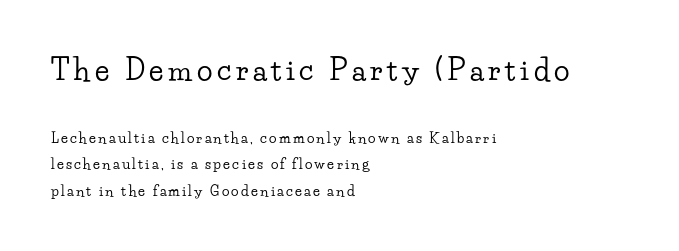
Q: Is the text italic (slanted)? A: No, it is upright.
Q: Is the typeface a serif or a sans-serif typeface? A: Serif.
Q: Is the text underlined? A: No.
Q: How is the paragraph aligned? A: Left-aligned.
Q: Which block of text is set in a larger size, the first (top) or the second (bottom)? A: The first (top) one.
Q: Width (condensed, normal, or wide)? A: Wide.
Q: Stroke contrast? A: Low.
Q: x-height? A: Small.
Q: Monospaced? A: No.
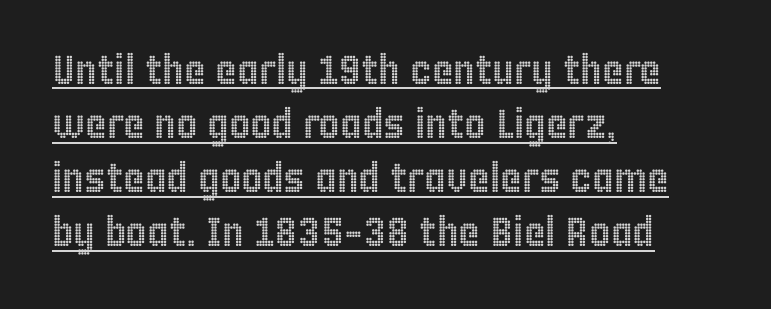
{"italic": "no", "width": "condensed", "x_height": "large", "monospaced": "no", "underline": "yes", "align": "left", "line_spacing": "normal", "line_spacing_ratio": 1.32, "letter_spacing": "normal", "letter_spacing_em": 0.0, "glyph_px": 41}
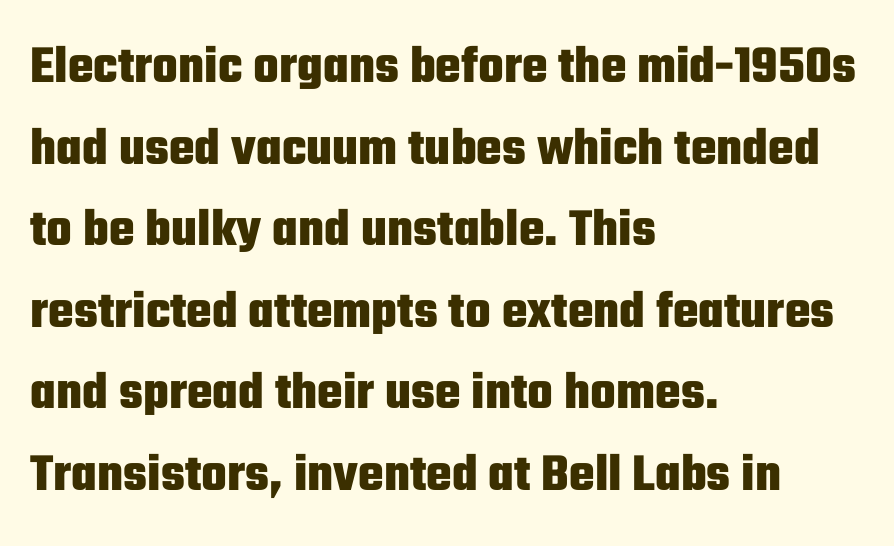
Q: Is the text bold? A: Yes.
Q: Is the text italic (slanted)? A: No, it is upright.
Q: Is the typeface a serif or a sans-serif typeface? A: Sans-serif.
Q: Is the text underlined? A: No.
Q: How is the paragraph aligned? A: Left-aligned.
Q: Is the spacing between letters normal or unusually wide? A: Normal.
Q: Is the spacing between lines tight, normal or loose? A: Normal.
Q: Width (condensed, normal, or wide)? A: Condensed.
Q: Stroke contrast? A: Low.
Q: x-height? A: Medium.
Q: Monospaced? A: No.
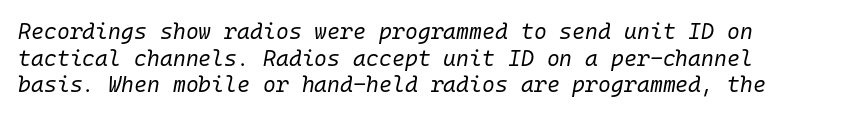
The image shows 22 px text type, italic (leaning right); set line spacing 1.21x, normal letter spacing, not underlined.
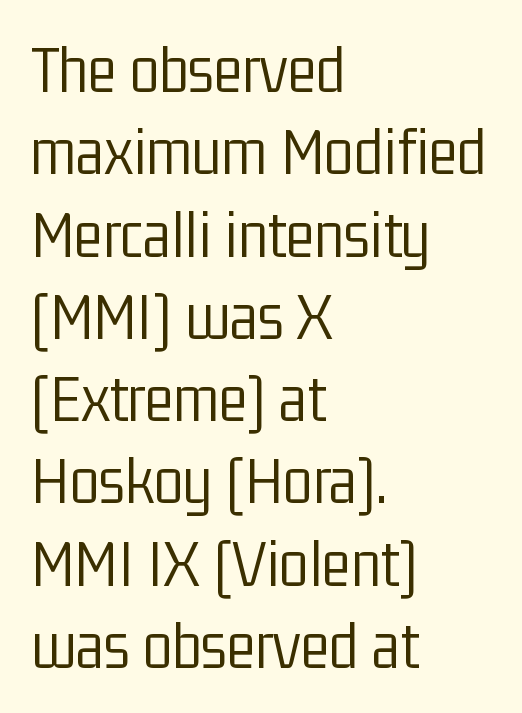
Q: Is the text bold? A: No.
Q: Is the text italic (slanted)? A: No, it is upright.
Q: Is the typeface a serif or a sans-serif typeface? A: Sans-serif.
Q: Is the text underlined? A: No.
Q: How is the paragraph aligned? A: Left-aligned.
Q: Is the spacing between letters normal or unusually wide? A: Normal.
Q: Width (condensed, normal, or wide)? A: Condensed.
Q: Stroke contrast? A: Low.
Q: x-height? A: Medium.
Q: Monospaced? A: No.
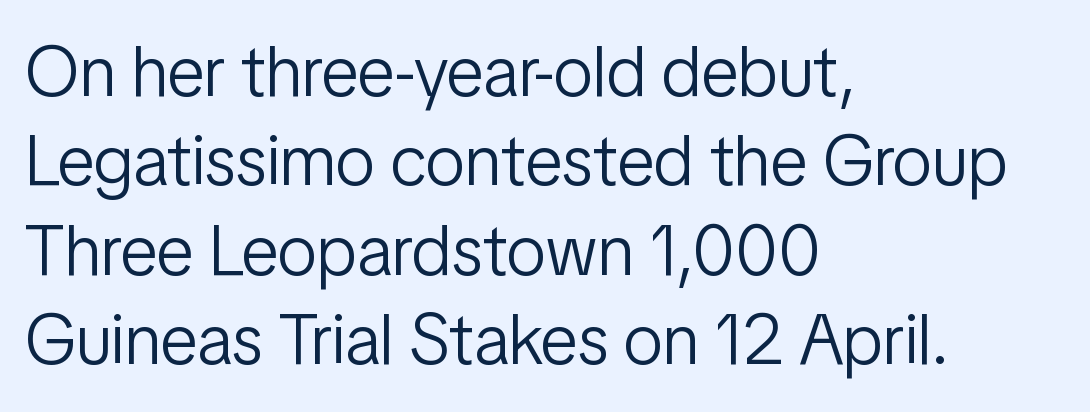
{"serif": "no", "italic": "no", "bold": "no", "weight": "light", "width": "condensed", "stroke_contrast": "low", "x_height": "medium", "monospaced": "no", "underline": "no", "align": "left", "line_spacing": "normal", "line_spacing_ratio": 1.26, "letter_spacing": "normal", "letter_spacing_em": 0.0, "glyph_px": 71}
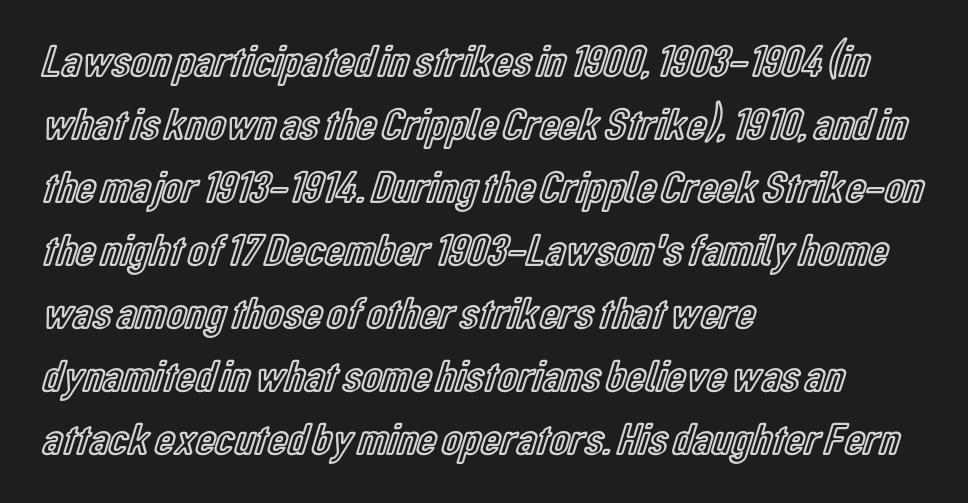
Q: Is the text italic (slanted)? A: Yes.
Q: Is the text underlined? A: No.
Q: How is the paragraph aligned? A: Left-aligned.
Q: Is the spacing between letters normal or unusually wide? A: Normal.
Q: Is the spacing between lines tight, normal or loose? A: Normal.
Q: Width (condensed, normal, or wide)? A: Condensed.
Q: x-height? A: Medium.
Q: Monospaced? A: No.
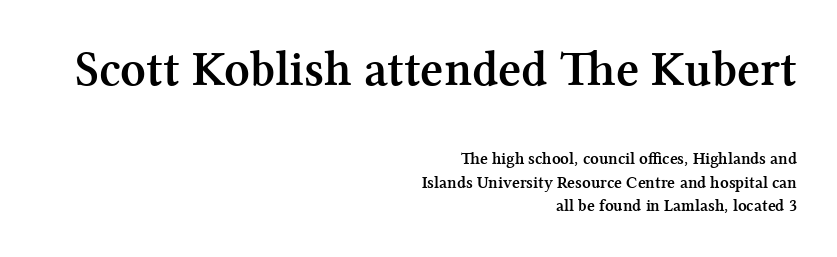
Q: Is the text bold? A: Yes.
Q: Is the text italic (slanted)? A: No, it is upright.
Q: Is the typeface a serif or a sans-serif typeface? A: Serif.
Q: Is the text underlined? A: No.
Q: How is the paragraph aligned? A: Right-aligned.
Q: Is the spacing between letters normal or unusually wide? A: Normal.
Q: Is the spacing between lines tight, normal or loose? A: Normal.
Q: Which block of text is set in a larger size, the first (top) or the second (bottom)? A: The first (top) one.
Q: Width (condensed, normal, or wide)? A: Normal.
Q: Stroke contrast? A: Medium.
Q: x-height? A: Medium.
Q: Monospaced? A: No.
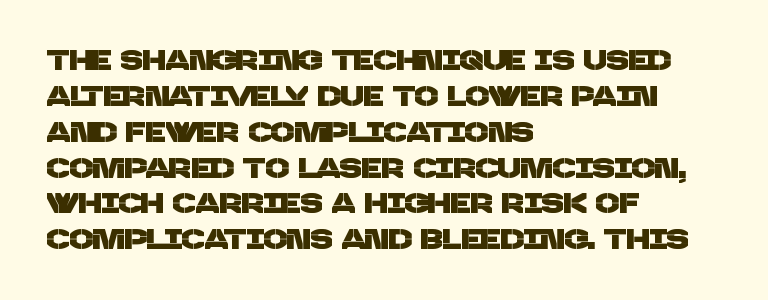
The image shows 28 px sans-serif type; set left-aligned, normal line spacing (1.28x), normal letter spacing, not underlined; low stroke contrast and a large x-height.
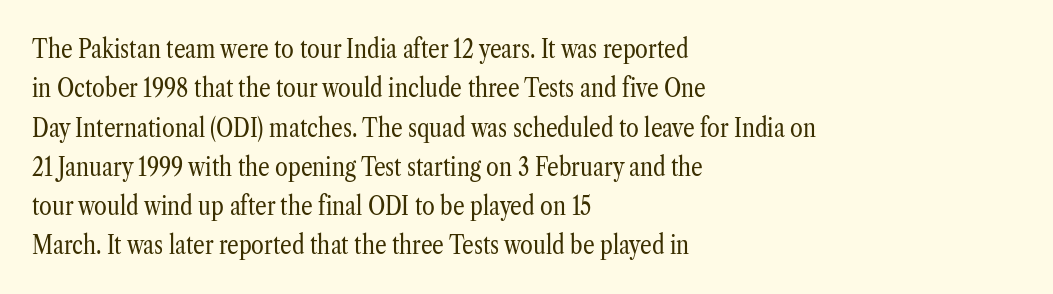
Q: Is the text bold? A: No.
Q: Is the text italic (slanted)? A: No, it is upright.
Q: Is the text underlined? A: No.
Q: How is the paragraph aligned? A: Left-aligned.
Q: Is the spacing between letters normal or unusually wide? A: Normal.
Q: Is the spacing between lines tight, normal or loose? A: Normal.

**WHAT TO WORK ON:** From the first line to the last, retype the data exactly, without images.

**EXERCISE OUTPUT:**
Q: Is the text italic (slanted)? A: No, it is upright.
Q: Is the typeface a serif or a sans-serif typeface? A: Serif.
Q: Is the text underlined? A: No.
Q: How is the paragraph aligned? A: Left-aligned.
Q: Which block of text is set in a larger size, the first (top) or the second (bottom)? A: The first (top) one.
Q: Width (condensed, normal, or wide)? A: Wide.
Q: Stroke contrast? A: Low.
Q: x-height? A: Small.
Q: Monospaced? A: No.
{"italic": "no", "width": "condensed", "x_height": "large", "monospaced": "no", "underline": "yes", "align": "left", "line_spacing": "normal", "line_spacing_ratio": 1.32, "letter_spacing": "normal", "letter_spacing_em": 0.0, "glyph_px": 41}
Q: Is the text bold? A: Yes.
Q: Is the text italic (slanted)? A: No, it is upright.
Q: Is the typeface a serif or a sans-serif typeface? A: Sans-serif.
Q: Is the text underlined? A: No.
Q: How is the paragraph aligned? A: Left-aligned.
Q: Is the spacing between letters normal or unusually wide? A: Normal.
Q: Is the spacing between lines tight, normal or loose? A: Normal.
Q: Width (condensed, normal, or wide)? A: Condensed.
Q: Stroke contrast? A: Low.
Q: x-height? A: Medium.
Q: Monospaced? A: No.
The image shows 22 px text type, italic (leaning right); set line spacing 1.21x, normal letter spacing, not underlined.
Q: Is the text bold? A: No.
Q: Is the text italic (slanted)? A: No, it is upright.
Q: Is the typeface a serif or a sans-serif typeface? A: Sans-serif.
Q: Is the text underlined? A: No.
Q: How is the paragraph aligned? A: Left-aligned.
Q: Is the spacing between letters normal or unusually wide? A: Normal.
Q: Width (condensed, normal, or wide)? A: Condensed.
Q: Stroke contrast? A: Low.
Q: x-height? A: Medium.
Q: Monospaced? A: No.
{"serif": "no", "italic": "no", "bold": "no", "weight": "light", "width": "condensed", "stroke_contrast": "low", "x_height": "medium", "monospaced": "no", "underline": "no", "align": "left", "line_spacing": "normal", "line_spacing_ratio": 1.26, "letter_spacing": "normal", "letter_spacing_em": 0.0, "glyph_px": 71}
Q: Is the text italic (slanted)? A: Yes.
Q: Is the text underlined? A: No.
Q: How is the paragraph aligned? A: Left-aligned.
Q: Is the spacing between letters normal or unusually wide? A: Normal.
Q: Is the spacing between lines tight, normal or loose? A: Normal.
Q: Width (condensed, normal, or wide)? A: Condensed.
Q: x-height? A: Medium.
Q: Monospaced? A: No.
Q: Is the text bold? A: Yes.
Q: Is the text italic (slanted)? A: No, it is upright.
Q: Is the typeface a serif or a sans-serif typeface? A: Serif.
Q: Is the text underlined? A: No.
Q: How is the paragraph aligned? A: Right-aligned.
Q: Is the spacing between letters normal or unusually wide? A: Normal.
Q: Is the spacing between lines tight, normal or loose? A: Normal.
Q: Which block of text is set in a larger size, the first (top) or the second (bottom)? A: The first (top) one.
Q: Width (condensed, normal, or wide)? A: Normal.
Q: Stroke contrast? A: Medium.
Q: x-height? A: Medium.
Q: Monospaced? A: No.
The image shows 28 px sans-serif type; set left-aligned, normal line spacing (1.28x), normal letter spacing, not underlined; low stroke contrast and a large x-height.
Q: Is the text bold? A: No.
Q: Is the text italic (slanted)? A: No, it is upright.
Q: Is the text underlined? A: No.
Q: How is the paragraph aligned? A: Left-aligned.
Q: Is the spacing between letters normal or unusually wide? A: Normal.
Q: Is the spacing between lines tight, normal or loose? A: Normal.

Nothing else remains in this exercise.